What is needed is an exact copy of the lines in the listing below, from the one with "#5404=EDGE_CURVE('',#4169,#4168,#139,.T.);" up to and including the one with "#5473=EDGE_CURVE('',#4225,#4226,#187,.T.);", with no other lines.

____

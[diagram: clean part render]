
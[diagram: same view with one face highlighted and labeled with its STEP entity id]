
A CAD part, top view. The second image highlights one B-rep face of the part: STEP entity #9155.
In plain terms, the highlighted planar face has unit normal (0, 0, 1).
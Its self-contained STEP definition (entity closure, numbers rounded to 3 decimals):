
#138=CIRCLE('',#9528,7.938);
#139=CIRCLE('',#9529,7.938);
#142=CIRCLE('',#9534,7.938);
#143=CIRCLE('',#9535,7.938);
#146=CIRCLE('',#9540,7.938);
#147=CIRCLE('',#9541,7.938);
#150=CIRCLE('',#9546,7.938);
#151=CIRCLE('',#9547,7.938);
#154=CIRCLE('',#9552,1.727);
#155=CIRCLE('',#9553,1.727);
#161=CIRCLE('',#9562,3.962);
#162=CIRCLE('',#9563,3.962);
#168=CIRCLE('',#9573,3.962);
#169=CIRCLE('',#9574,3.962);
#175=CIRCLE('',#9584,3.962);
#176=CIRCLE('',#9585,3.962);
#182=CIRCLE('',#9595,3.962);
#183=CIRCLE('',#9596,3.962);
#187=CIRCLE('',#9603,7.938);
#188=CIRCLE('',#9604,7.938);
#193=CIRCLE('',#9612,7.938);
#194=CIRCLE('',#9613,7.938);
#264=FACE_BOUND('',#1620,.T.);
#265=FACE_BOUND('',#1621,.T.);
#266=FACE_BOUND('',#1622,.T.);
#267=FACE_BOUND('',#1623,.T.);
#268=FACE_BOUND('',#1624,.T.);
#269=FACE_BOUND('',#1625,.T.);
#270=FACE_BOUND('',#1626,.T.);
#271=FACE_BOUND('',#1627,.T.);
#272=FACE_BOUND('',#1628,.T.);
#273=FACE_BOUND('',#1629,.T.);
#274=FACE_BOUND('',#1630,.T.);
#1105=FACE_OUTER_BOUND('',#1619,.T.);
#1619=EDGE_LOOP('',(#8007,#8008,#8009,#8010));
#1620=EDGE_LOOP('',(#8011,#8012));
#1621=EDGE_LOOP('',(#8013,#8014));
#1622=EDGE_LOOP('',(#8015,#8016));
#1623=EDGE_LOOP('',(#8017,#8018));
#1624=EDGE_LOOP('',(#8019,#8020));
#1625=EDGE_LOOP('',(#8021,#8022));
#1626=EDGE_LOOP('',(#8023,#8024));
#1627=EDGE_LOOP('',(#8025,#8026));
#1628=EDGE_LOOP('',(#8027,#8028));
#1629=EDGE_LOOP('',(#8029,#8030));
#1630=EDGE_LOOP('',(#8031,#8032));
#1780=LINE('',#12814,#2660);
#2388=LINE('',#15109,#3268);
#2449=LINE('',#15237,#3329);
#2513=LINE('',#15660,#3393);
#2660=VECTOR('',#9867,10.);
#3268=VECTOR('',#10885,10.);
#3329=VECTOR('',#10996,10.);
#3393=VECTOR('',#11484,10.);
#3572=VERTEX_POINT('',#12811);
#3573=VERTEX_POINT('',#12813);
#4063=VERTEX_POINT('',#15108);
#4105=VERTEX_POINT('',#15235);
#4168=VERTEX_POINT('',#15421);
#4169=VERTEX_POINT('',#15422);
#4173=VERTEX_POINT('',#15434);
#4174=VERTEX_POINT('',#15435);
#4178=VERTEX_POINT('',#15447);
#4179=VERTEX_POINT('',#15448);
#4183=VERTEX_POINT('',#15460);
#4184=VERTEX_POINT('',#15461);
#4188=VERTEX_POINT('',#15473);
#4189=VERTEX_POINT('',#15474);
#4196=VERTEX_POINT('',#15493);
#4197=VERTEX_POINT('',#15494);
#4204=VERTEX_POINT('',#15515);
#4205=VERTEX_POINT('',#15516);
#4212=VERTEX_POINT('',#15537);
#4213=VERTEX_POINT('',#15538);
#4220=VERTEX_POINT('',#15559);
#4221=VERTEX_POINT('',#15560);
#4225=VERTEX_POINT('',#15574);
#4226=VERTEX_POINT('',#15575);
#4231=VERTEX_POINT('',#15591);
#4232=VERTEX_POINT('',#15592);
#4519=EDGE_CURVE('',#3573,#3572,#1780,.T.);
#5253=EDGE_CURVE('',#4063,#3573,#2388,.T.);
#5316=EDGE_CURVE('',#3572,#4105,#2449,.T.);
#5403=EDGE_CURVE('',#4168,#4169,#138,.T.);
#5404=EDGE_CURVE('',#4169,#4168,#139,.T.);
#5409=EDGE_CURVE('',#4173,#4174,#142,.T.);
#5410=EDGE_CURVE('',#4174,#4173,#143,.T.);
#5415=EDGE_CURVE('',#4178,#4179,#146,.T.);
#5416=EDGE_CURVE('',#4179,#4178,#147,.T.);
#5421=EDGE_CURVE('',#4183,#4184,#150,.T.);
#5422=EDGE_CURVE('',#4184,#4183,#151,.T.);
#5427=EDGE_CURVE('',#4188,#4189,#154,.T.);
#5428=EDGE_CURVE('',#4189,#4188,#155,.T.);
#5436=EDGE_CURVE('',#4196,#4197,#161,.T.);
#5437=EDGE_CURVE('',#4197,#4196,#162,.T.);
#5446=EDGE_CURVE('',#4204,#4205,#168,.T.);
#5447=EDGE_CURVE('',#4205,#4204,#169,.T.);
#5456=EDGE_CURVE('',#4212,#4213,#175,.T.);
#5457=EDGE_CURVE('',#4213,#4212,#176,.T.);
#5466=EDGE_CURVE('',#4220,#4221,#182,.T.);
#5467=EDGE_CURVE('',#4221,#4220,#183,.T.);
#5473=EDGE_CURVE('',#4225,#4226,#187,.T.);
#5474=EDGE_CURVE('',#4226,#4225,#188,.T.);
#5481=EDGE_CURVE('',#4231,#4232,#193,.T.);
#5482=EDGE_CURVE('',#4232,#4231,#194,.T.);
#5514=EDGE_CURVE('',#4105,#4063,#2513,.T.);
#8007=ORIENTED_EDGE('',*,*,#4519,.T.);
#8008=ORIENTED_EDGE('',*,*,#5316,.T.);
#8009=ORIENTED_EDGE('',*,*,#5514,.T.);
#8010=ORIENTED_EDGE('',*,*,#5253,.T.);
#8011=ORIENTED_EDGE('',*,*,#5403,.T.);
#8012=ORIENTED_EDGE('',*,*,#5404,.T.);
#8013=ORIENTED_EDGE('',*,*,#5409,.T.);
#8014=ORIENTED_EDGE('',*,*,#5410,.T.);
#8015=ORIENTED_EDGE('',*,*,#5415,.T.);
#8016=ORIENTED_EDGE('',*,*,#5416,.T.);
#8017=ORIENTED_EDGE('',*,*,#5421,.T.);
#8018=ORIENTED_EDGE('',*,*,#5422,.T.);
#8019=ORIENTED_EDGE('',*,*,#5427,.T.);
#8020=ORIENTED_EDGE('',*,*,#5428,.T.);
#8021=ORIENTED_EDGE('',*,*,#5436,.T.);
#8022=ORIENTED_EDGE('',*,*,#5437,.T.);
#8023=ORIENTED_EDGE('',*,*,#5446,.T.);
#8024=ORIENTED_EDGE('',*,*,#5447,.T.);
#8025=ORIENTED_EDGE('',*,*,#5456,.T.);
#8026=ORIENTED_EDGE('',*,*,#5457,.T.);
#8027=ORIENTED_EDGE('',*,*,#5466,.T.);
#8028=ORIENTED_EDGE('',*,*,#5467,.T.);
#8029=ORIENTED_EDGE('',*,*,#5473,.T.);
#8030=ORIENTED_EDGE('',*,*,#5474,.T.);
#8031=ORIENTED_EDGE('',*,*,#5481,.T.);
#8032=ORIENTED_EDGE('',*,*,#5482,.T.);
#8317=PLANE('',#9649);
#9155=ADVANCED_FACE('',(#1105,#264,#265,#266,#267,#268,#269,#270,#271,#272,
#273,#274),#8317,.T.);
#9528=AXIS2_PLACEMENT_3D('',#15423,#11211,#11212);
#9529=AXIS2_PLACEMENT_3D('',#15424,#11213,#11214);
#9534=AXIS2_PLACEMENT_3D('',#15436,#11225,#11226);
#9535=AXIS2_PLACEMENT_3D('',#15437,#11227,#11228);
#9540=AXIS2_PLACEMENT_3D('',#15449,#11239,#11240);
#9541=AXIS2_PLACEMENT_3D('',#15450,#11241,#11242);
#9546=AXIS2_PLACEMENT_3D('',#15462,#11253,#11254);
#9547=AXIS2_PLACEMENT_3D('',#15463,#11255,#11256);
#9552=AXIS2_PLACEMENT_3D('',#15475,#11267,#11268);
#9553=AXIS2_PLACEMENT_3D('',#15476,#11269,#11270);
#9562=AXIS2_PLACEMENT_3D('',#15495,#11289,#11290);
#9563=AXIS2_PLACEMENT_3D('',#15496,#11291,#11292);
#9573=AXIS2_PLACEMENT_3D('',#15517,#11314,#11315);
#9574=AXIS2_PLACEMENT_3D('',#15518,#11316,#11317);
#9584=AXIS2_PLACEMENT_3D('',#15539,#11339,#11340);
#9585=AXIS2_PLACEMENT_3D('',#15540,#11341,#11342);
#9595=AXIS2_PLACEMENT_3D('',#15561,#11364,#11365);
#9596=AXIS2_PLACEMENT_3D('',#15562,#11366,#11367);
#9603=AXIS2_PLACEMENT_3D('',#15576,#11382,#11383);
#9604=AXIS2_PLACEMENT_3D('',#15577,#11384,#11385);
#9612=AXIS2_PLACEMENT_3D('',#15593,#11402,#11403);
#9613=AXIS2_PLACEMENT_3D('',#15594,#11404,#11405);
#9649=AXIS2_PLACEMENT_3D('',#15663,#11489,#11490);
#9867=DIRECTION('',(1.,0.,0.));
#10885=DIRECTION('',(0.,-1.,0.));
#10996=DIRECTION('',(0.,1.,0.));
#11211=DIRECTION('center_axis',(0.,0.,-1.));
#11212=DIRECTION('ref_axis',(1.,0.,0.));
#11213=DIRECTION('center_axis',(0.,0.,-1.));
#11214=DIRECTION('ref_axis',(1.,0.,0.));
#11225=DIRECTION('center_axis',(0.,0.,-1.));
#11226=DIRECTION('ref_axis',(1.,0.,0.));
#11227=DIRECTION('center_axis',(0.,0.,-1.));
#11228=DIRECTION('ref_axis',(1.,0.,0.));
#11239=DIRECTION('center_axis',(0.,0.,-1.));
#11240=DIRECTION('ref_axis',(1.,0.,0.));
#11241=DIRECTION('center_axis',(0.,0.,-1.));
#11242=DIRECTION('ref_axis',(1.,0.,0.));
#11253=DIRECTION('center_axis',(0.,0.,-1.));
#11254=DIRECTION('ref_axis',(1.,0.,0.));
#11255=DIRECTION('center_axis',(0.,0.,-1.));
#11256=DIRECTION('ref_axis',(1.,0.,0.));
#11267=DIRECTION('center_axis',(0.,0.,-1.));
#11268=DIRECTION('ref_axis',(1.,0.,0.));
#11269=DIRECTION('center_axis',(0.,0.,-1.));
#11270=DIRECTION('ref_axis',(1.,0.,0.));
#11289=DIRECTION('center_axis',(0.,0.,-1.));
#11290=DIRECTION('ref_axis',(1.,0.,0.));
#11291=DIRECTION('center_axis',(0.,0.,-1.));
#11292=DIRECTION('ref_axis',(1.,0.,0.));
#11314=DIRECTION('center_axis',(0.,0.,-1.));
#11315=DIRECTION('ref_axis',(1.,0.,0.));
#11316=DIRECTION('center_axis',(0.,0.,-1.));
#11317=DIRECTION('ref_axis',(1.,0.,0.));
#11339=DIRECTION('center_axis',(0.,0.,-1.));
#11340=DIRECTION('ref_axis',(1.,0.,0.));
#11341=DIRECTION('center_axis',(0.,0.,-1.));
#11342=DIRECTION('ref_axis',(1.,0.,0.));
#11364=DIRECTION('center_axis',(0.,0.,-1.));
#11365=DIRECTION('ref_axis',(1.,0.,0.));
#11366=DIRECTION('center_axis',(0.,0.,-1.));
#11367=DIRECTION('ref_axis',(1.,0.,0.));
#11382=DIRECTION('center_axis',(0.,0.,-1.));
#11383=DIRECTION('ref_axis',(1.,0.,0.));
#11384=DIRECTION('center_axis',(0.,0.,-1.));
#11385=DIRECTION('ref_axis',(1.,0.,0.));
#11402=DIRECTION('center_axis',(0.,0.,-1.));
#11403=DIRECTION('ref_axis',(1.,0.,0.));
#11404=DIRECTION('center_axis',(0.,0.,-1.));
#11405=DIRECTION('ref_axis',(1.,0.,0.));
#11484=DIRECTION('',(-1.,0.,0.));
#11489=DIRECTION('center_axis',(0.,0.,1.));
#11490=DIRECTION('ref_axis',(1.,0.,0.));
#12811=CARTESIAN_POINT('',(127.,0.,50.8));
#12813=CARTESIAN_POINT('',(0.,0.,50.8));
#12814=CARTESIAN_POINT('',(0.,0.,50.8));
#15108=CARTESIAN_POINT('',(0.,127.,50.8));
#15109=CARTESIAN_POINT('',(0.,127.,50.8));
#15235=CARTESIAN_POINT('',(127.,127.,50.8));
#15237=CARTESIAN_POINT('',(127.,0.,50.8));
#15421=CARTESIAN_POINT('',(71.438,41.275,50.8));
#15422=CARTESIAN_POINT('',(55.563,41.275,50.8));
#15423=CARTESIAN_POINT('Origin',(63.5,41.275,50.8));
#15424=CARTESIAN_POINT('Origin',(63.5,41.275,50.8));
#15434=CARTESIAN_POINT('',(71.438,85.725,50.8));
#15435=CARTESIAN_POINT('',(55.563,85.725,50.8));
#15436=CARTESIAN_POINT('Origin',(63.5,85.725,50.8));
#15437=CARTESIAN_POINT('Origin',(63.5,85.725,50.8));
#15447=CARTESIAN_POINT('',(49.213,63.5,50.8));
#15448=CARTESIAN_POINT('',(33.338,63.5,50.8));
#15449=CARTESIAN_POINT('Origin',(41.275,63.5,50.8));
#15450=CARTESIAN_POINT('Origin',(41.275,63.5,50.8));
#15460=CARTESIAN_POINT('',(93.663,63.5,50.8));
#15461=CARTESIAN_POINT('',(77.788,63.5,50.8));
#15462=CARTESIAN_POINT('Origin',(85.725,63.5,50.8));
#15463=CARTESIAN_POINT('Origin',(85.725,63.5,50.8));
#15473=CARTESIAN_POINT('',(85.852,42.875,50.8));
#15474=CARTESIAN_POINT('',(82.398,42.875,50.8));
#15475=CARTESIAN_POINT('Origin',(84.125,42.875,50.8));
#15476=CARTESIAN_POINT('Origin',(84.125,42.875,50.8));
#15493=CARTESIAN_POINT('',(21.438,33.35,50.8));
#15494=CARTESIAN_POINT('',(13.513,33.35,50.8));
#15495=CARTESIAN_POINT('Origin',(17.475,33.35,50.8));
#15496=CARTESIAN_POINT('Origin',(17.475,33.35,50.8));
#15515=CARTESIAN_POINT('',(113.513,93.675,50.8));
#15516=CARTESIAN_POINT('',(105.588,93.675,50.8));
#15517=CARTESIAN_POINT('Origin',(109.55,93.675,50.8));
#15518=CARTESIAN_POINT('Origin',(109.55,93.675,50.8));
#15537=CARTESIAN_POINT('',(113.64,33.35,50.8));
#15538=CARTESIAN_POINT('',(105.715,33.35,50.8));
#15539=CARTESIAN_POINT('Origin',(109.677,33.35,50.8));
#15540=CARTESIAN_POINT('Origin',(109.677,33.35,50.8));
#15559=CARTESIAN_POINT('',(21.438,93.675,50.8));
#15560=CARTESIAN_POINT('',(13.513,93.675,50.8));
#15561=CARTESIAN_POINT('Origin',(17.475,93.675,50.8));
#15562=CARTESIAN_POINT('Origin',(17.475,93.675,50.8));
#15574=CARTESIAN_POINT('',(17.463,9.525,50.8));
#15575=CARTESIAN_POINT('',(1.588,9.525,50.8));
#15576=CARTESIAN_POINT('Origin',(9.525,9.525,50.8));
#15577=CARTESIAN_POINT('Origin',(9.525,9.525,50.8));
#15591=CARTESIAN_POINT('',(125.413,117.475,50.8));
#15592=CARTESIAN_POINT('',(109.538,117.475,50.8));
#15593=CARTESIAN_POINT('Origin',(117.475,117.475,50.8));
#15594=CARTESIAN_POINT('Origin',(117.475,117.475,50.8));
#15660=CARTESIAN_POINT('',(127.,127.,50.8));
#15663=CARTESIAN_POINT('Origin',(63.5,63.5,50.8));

____

■ Final answer ■
#5404=EDGE_CURVE('',#4169,#4168,#139,.T.);
#5409=EDGE_CURVE('',#4173,#4174,#142,.T.);
#5410=EDGE_CURVE('',#4174,#4173,#143,.T.);
#5415=EDGE_CURVE('',#4178,#4179,#146,.T.);
#5416=EDGE_CURVE('',#4179,#4178,#147,.T.);
#5421=EDGE_CURVE('',#4183,#4184,#150,.T.);
#5422=EDGE_CURVE('',#4184,#4183,#151,.T.);
#5427=EDGE_CURVE('',#4188,#4189,#154,.T.);
#5428=EDGE_CURVE('',#4189,#4188,#155,.T.);
#5436=EDGE_CURVE('',#4196,#4197,#161,.T.);
#5437=EDGE_CURVE('',#4197,#4196,#162,.T.);
#5446=EDGE_CURVE('',#4204,#4205,#168,.T.);
#5447=EDGE_CURVE('',#4205,#4204,#169,.T.);
#5456=EDGE_CURVE('',#4212,#4213,#175,.T.);
#5457=EDGE_CURVE('',#4213,#4212,#176,.T.);
#5466=EDGE_CURVE('',#4220,#4221,#182,.T.);
#5467=EDGE_CURVE('',#4221,#4220,#183,.T.);
#5473=EDGE_CURVE('',#4225,#4226,#187,.T.);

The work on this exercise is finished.